Français! A l'appel de M. le président de la République, j'assume à partir d'aujourd'hui la direction du gouvernement de la France. Sûr de l'affection de notre admirable armée, qui lutte avec un héroïsme digne de ses longues traditions militaires contre un ennemi supérieur en nombre et en armes, sûr que par sa magnifique résistance elle a rempli son devoir vis-à-vis de nos alliés, sûr de l'appui des anciens combattants que j'ai eu la fierté de commander, sûr de la confiance du peuple tout entier, je fais à la France le don de ma personne pour atténuer son malheur. En ces heures douloureuses, je pense aux malheureux réfugiés, qui, dans un dénuement extrême, sillonnent nos routes. Je leur exprime ma compassion et ma sollicitude. C'est le cœur serré que je vous dis aujourd'hui qu'il faut cesser le combat. (2) Je me suis adressé cette nuit à l'adversaire pour lui demander s'il est prêt à rechercher avec nous, entre soldats, après la lutte et dans l'honneur, les moyens de mettre un terme aux hostilités. Que tous les Français se groupent autour du gouvernement que je préside pendant ces dures épreuves et fassent taire leur angoisse pour n'écouter que leur foi dans le destin de la patrie.

 

"Il faut cesser le combat"

La phrase "C'est le coeur serré que je vous dis aujourd'hui qu'il faut cesser le combat" sème la consternation. Interprétée comme un cessez-le-feu, de nombreuses unités déposent les armes. Sur la suggestion de Paul Baudouin, ministre des Affaires étrangères, la phrase fut rectifiée de la manière suivante : " C'est le cœur serré que je vous dis aujourd'hui qu'il faut tenter de cesser le combat." Ce dernier texte, tout aussi maladroit, sera publié dans les journaux du soir. Enfin, pour qu'aucune équivoque ne puisse subsister, Paul Baudouin, prononce, à 21h.20, l'allocution suivante à la radio :

 

Allocution "rectificative" de Paul Baudouin

Le gouvernement français a décidé de demander ses conditions à l'Allemagne. Il va sans dire qu'elle n'acceptera aucune condition contraire à son honneur ou à sa dignité. La France ne saurait consentir à des clauses qui signifieraient la fin de toute liberté spirituelle pour son peuple... Nos troupes épuisées n'ont pas pu remplacer les chars, les canons, les avions qui nous manquaient. Nous n'étions que 40 millions contre 80, sans la menace de l'invasion italienne.

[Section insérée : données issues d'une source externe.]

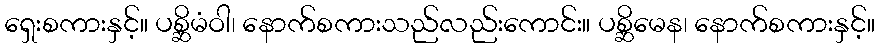
ရှေးစကားနှင့်။ ပစ္ဆိမံဝါ၊ နောက်စကားသည်လည်းကောင်း။ ပစ္ဆိမေန၊ နောက်စကားနှင့်။
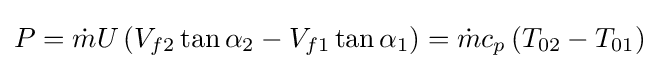
P={\dot {m}}U\left(V_{f2}\tan \alpha _{2}-V_{f1}\tan \alpha _{1}\right)={\dot {m}}c_{p}\left(T_{02}-T_{01}\right)

Sans doute, dans le monde entier où le nom de la France et de la civilisation qu'elle incarne évoquent un écho dans les coeurs, d'innombrables sympathies se sont levées. Sans doute, nous avons reçu l'aide de nos alliés, de la Grande-Bretagne dont la flotte unie à la nôtre n'a jamais perdu la maîtrise des mers, dont les troupes et la magnifique aviation ont partagé nos combats, de la Pologne, de la Norvège, de la Hollande, de la Belgique. Mais, insuffisamment préparés à l'épreuve terrible de la guerre moderne qui ne s'improvise pas et pour laquelle notre ennemi n'avait cessé d'accroître sa puissance, nos alliés et nos amis n'ont pas pu apporter en temps utile le concours nécessaire à l'avant-garde que constituait l'ar­mée française.

Voilà pourquoi le gouvernement présidé par le Maré­chal Pétain a dû demander à l'ennemi quelles seraient ses conditions de paix. Mais il n'a pas pour autant abandonné la lutte, ni déposé les armes. Comme l'a dit ce matin le Maréchal Pétain, le pays est prêt à rechercher dans l'hon­neur, les moyens de mettre un terme aux hostilités. II n'est pas prêt, et ne sera jamais prêt à accepter des condi­tions déshonorantes, à abandonner la liberté spirituelle de notre peuple, à trahir l'âme de la France

Si les Français peuvent sauver ces valeurs spirituelles auxquelles ils sont plus attachés qu'à la vie, ils consenti­ront, pour cela, tous les renoncements individuels. Mais s'ils sont contraints de choisir entre l'existence et l'hon­neur, leur choix est fait et, par leur sacrifice total, c'est l'âme de la France et tout ce qu'eIle représente pour le monde, qu'ils auront sauvé.